People queue for booster vaccinations at St Thomas’s Hospital in London. (Copyright 2021 The Associated Press. All rights reserved)

Assuming vaccines and boosters are going to be with us throughout 2022 and possibly well beyond next year, it is surely time to end the ad hoc approach with its pop-up vaccination centres, volunteer staff and, more to the point, the draining of scarce NHS resources by using GPs, nurses and other fully trained medical staff who are sorely needed elsewhere.

We should be starting now to set up a nationwide network of full-time vaccination centres based both at hospitals and larger surgeries, and at new dedicated clinics, with a permanent salaried staff of vaccinators and admin personnel. A new government taskforce could set this up quite quickly without imposing any further burdens on NHS administrators.

Surely many of the unemployed – especially the young who are so desperately seeking first jobs – could be trained quite easily for this work. These clinics would be there for future pandemics, but could no doubt handle annual flu jabs, and possibly many childhood inoculations, taking a significant load off fully trained medical staff. In less busy times they could probably be deployed to help lighten the load of some of the routine administrative burdens on NHS staff.

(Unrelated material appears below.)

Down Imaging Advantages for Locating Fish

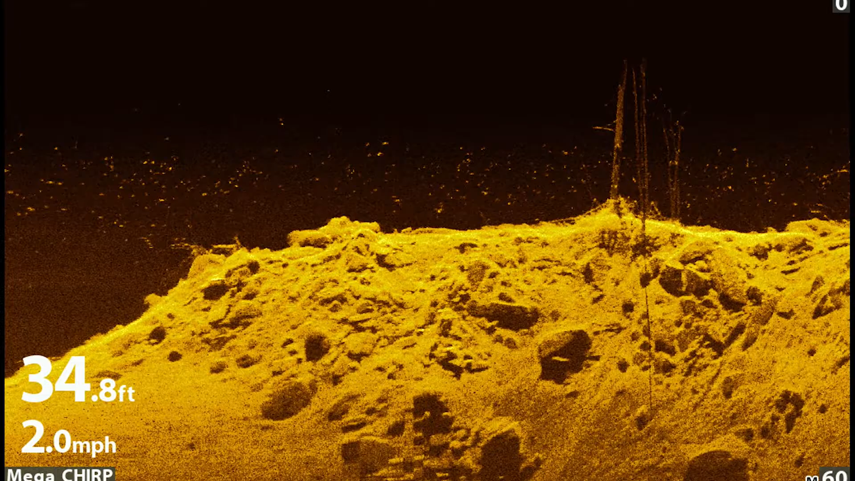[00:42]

The government’s short-term panic approach to all these Covid issues has got to stop. Let’s have a bit of strategy for a change.

Gavin Turner

Gunton, Norfolk

Balanced debate needed

Denis MacShane’s article raises legitimate questions and gives a balanced picture of the options surrounding the Queen. Whilst I have long been of the view that the monarchy should go, I agree that there needs to to be a rational and balanced national debate which would take in the views of all parts of the United Kingdom. However, I cannot see that happening following the Brexit debate.

John E Harrison

Chorley, Lancashire

Ashamed to be British

The continuing Windrush scandal, the appalling treatment of migrants (and the upcoming Nationality and Borders Bill) and now the suggestion that those who have “become” British nationals over many years could be stripped of their hard-won British identity (without appeal) – sounds to me like creeping ethnic cleansing in favour of the “pure” Brit.

What have we come to? I am ashamed to call myself British under this government.

Wendy Draper

Winchester

Reprehensible PM

If history has taught us anything, it is that when people become disillusioned with their lot and governments ignore the needs of the country, decisive action is necessary.

Boris Johnson’s governance of Britain is nothing short of reprehensible. He and his inept cohorts are responsible for lowering our horizons for a better future. They have mishandled our financial future – leaving the EU. They are responsible, through inaction, for thousands of unnecessary Covid-19 deaths, and are currently trying to put a gag on our judicial system in relation to immigration and human rights.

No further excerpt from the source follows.